È veramente straordinaria, in Italia, la proliferazione delle realtà associative riguardo l’Alzheimer, sulla base dei dati forniti dalle tre federazioni (Alzheimer Italia; AIMA; Alzheimer Uniti) risultano 85 associazioni Alzheimer. Sappiamo anche dell’esistenza di altre associazioni di familiari, che non sono federate.

 

La malattia del proprio caro si vive con estrema difficoltà, perché l’Alzheimer è molto piu’ di una malattia, di fatto, è la trasformazione di “una personalità” che sconvolge l’equilibrio familiare a cui si era abituati.

La persona con l’Alzheimer, ha bisogno di assistenza 24 su 24 .
La cosa fondamentale è quella di adottare un atteggiamento assecondante e validante, ovvero: non mettersi a discutere sulle cose “assurde” che un malato di Alzheimer può dire, anzi rassicurarlo il piu’ possibile, assecondarlo senza mai contraddirlo. Perché si ha davanti una persona che non ha piu’ i riferimenti che abbiamo noi e che non è piu’ in grado di comprendere i nostri schemi comportamentali. Allora per forza di cose saremo noi che dovremo adeguarci a lui e non lui a noi, anche rassicurandolo il piu’ possibile.

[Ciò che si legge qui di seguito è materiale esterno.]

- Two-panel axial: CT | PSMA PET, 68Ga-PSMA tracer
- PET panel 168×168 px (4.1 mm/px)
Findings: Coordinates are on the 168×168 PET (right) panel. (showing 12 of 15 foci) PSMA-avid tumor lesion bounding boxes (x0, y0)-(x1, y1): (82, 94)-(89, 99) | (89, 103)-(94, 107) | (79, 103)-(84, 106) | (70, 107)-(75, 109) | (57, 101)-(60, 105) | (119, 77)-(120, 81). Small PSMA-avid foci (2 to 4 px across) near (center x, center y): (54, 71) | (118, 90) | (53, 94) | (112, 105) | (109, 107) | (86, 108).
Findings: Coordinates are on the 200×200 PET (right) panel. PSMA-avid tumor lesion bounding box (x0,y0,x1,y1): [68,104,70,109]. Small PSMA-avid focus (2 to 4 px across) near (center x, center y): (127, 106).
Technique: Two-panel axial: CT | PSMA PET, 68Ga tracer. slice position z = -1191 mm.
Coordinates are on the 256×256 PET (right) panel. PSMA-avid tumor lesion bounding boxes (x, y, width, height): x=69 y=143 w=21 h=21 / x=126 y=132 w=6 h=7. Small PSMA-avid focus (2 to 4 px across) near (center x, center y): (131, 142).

Negli ultimi 10 anni abbiamo assistito ad una trasformazione del tipo di cura per questi pazienti. Anche se ancora si continuano a dare i farmaci (quelli dispensati dai Centri U.V.A.), si è riscontrato che se il paziente riceve un’adeguata stimolazione cognitiva e validativa (Terapia occupazionale; R.O.T. ; Terapia della Validazione. solo per dirne alcune), non solo ci sarà un contenimento dell’aggressività (pur senza assumere i farmaci) ma avverrà anche un rallentamento del declino cognitivo.

È proprio sulle terapie non farmacologiche che molti dei ricercatori internazionali stanno lavorando. Al momento quello che si può fare è “stimolare cognitivamente” il paziente (ovviamente nel modo adeguato, meglio se con professionisti).
Questo si può fare anche nella propria abitazione, non lasciandono in un angoletto della casa, ma parlandogli, facendogli fare tutto quello che può ancora fare, in una parola va stimolato (sempre nel modo opportuno), piu’ che “frenato”.

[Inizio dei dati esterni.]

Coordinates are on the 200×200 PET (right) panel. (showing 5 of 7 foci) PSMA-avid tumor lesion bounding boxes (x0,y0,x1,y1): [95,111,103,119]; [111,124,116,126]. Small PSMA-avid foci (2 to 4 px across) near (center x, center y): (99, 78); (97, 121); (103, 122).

L’assistenza domiciliare i C.D.A. e le R.S.A. con modulo Alzheimer sono dei presidi Socio Sanitari – Socio Assistenziali fondamentali per la cura di questi pazienti e importantissimi per l’aiuto alle famiglie che troppo spesso vengono abbandonate in un compito così delicato, come quello dell’assistenza al paziente con demenza, che non può essere demandato completamente al solo familiare, il quale troppo spesso può ammalarsi, può perdere il lavoro, e va incontro a problemi economici. Un compito, quello dell’assistenza al paziente con demenza, che ha bisogno soprattutto di competenze, che un familiare di punto in bianco non ha, e quando le ha acquisite, in genere si è arrivati alla fine del percorso assistenziale.
Di fronte a questa malattia, fin da subito, ai familiari di questi pazienti si presenta una grande difficoltà: quella dell’assistenza.
Bisogna chiedere subito al centro UVA di riferimento se esistono centri diurni e realtà di assistenza domiciliare, ma anche gruppi di auto aiuto, indispensabili per il caregiver principale, che generalmente è il familiare piu’ stretto.